Throughout his White Sox career, Fisk tortured the Red Sox, batting .309 with 27 home runs and 67 RBIs in 105 games, providing Boston fans with a constant reminder of management’s betrayal of an iconic player. “I played with a little more emotion, if not motivation, against those guys after that,” he admitted. “Only because they did me badly.”
Fisk’s career numbers are staggering.
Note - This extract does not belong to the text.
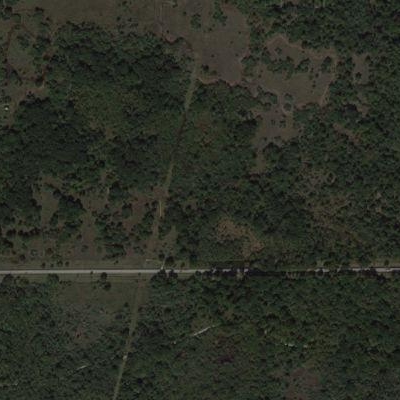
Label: Forest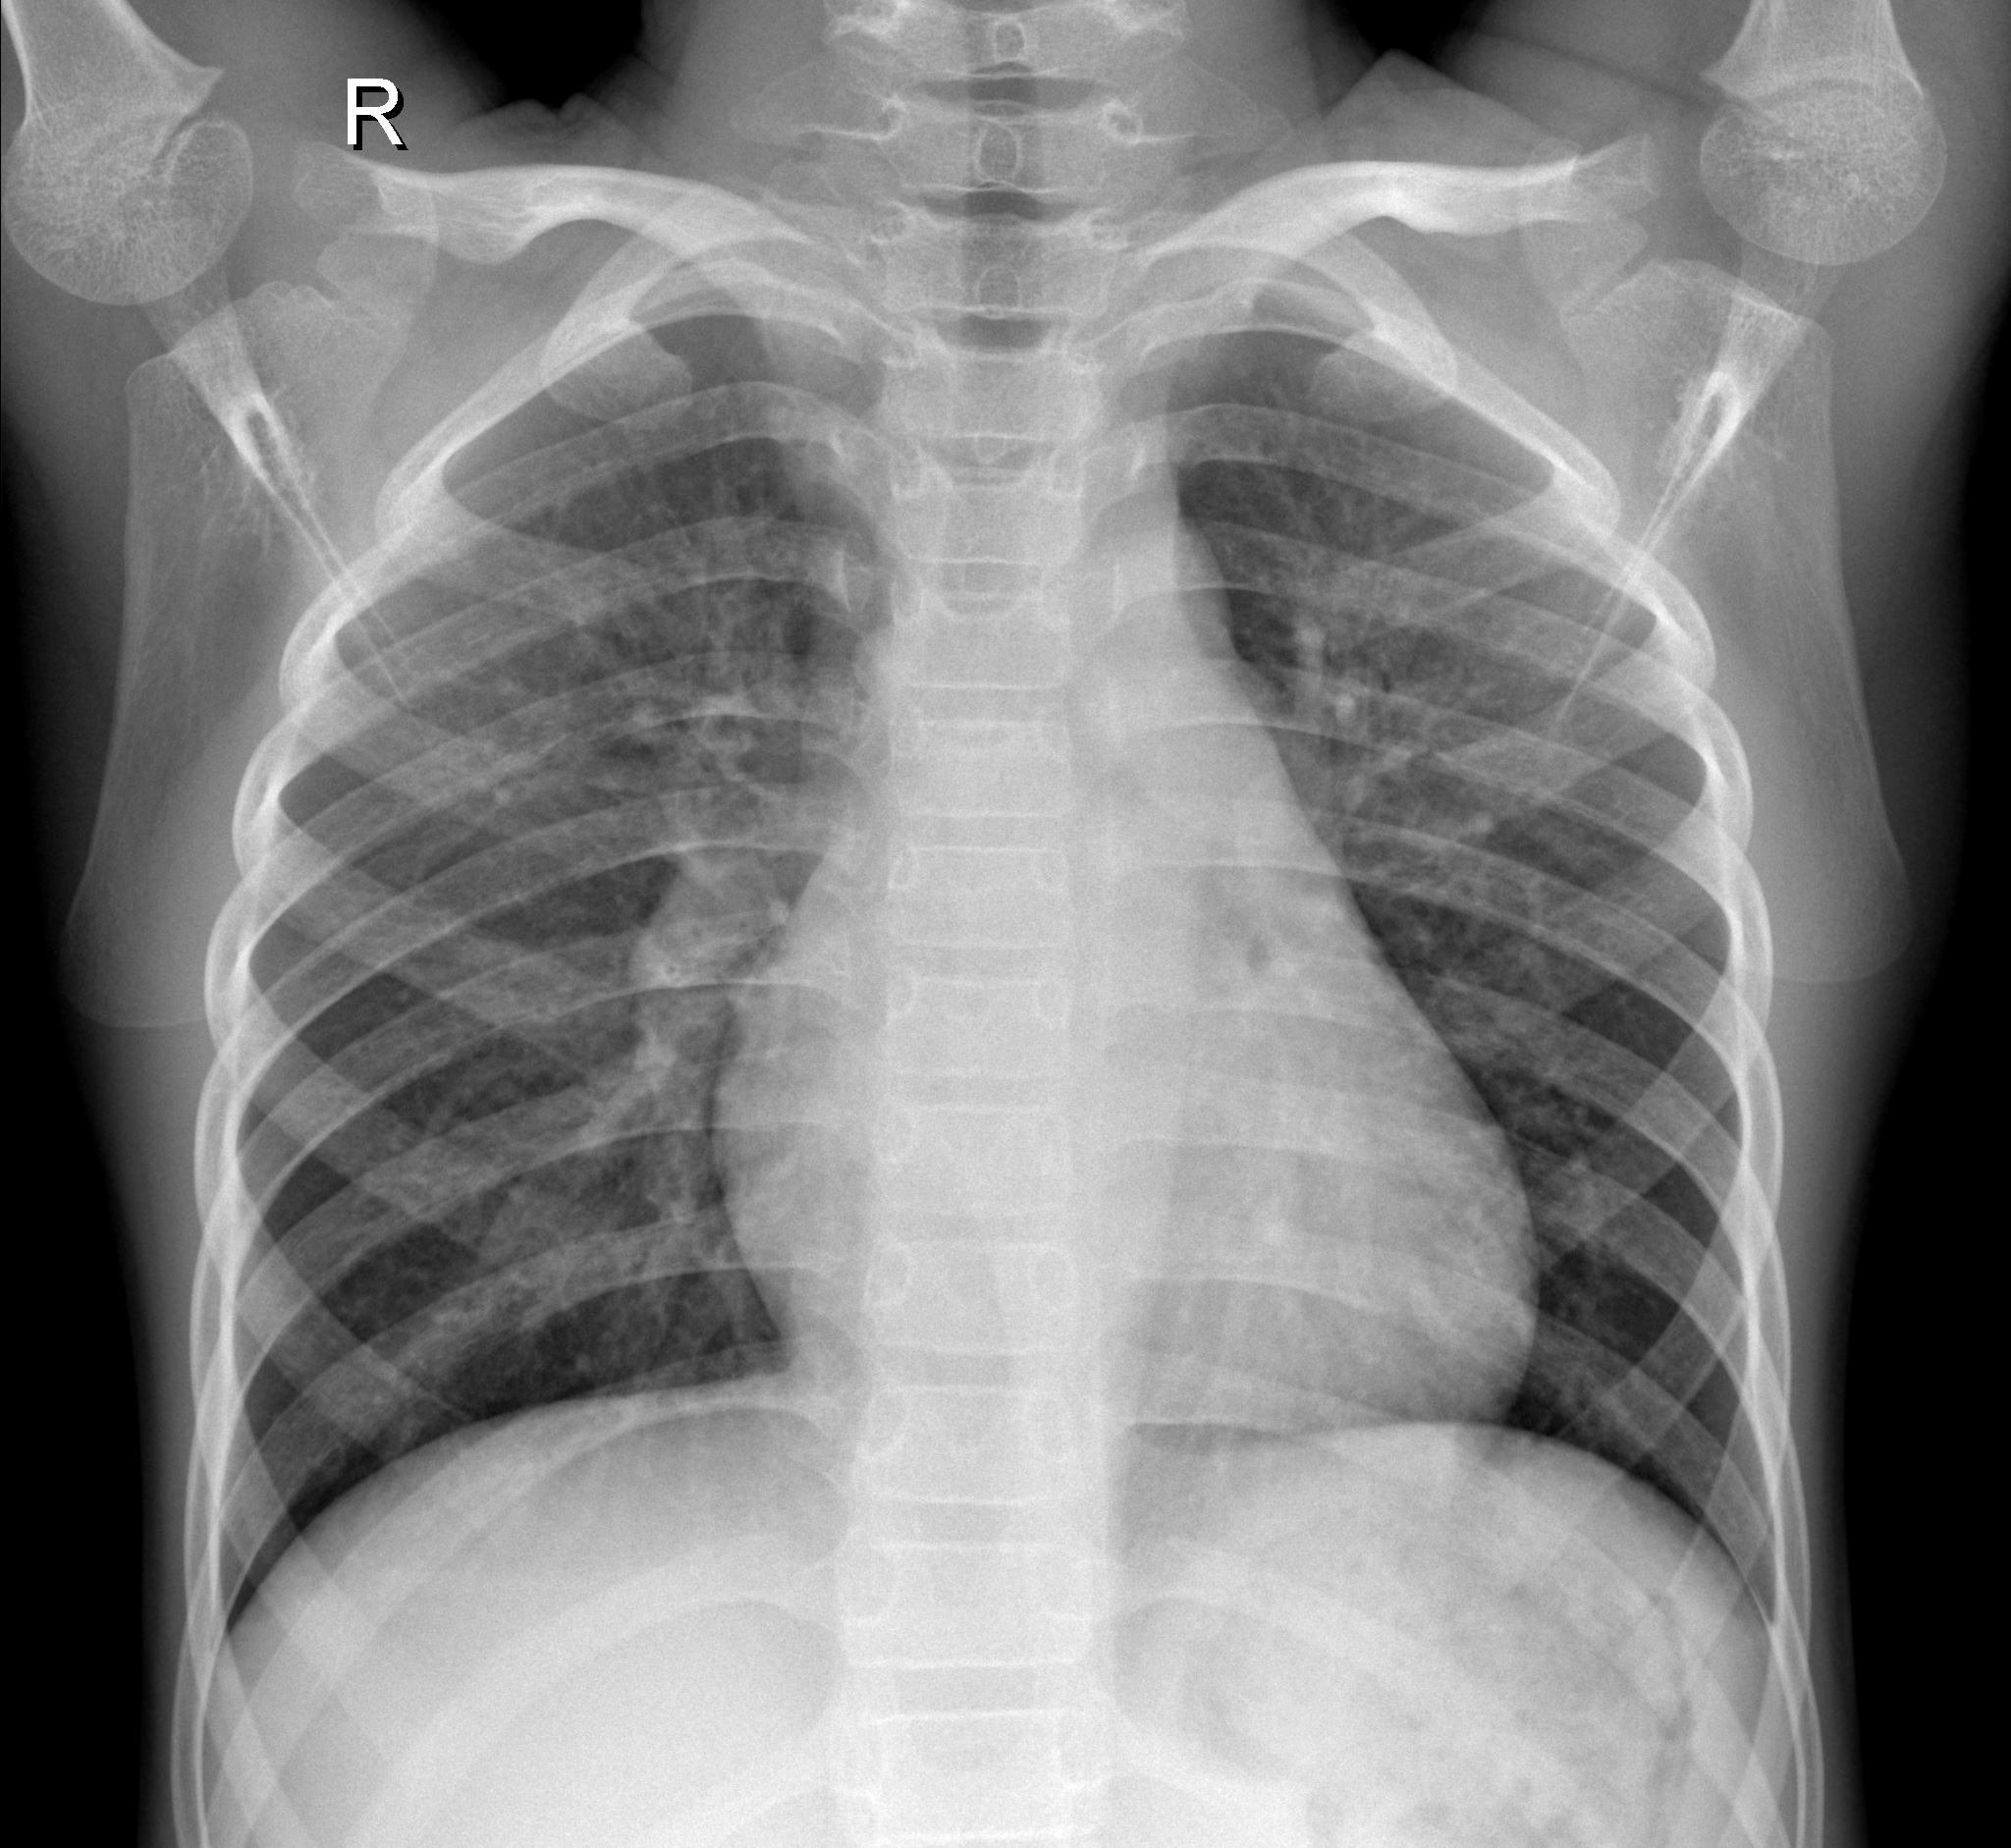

He caught a major league record 2,226 games (since eclipsed by the other Pudge, Rodriguez) and became baseball’s most prolific home run-hitting catcher at the time with 351. He hit 25 additional homers playing other positions (that 376 homer tally has since been eclipsed by Mike Piazza).
He also stole 128 bases and is the only catcher in the modern era with at least 100 home runs and 100 stolen bases.
He was only the third catcher to hit at least 300 homers, score 1,000 runs and drive in 1,000 runs, joining Yogi Berra and Johnny Bench. Mike Piazza has since joined that list as well.
He divided his career almost evenly between Red Sox for 11 years and 1,078 games and the White Sox for 14 and 1,421 games.
In 2000, upon a vote of the Baseball Writers Association of America, he was permitted henceforth to sign his checks ‘Carlton Fisk HOF.’ Even though he played longer for the White Sox, he chose to have a Red Sox cap on his plaque. He told USA Today, “New England is still where my roots are. And I’m a New England person.”
No matter which socks he wore, few catchers could combine his durability, defense and power, as well as a guardian for the institution. “I always carried a torch for the game.”
The rays of light from that torch shone brightly in Boston, Chicago…and in Cooperstown forever.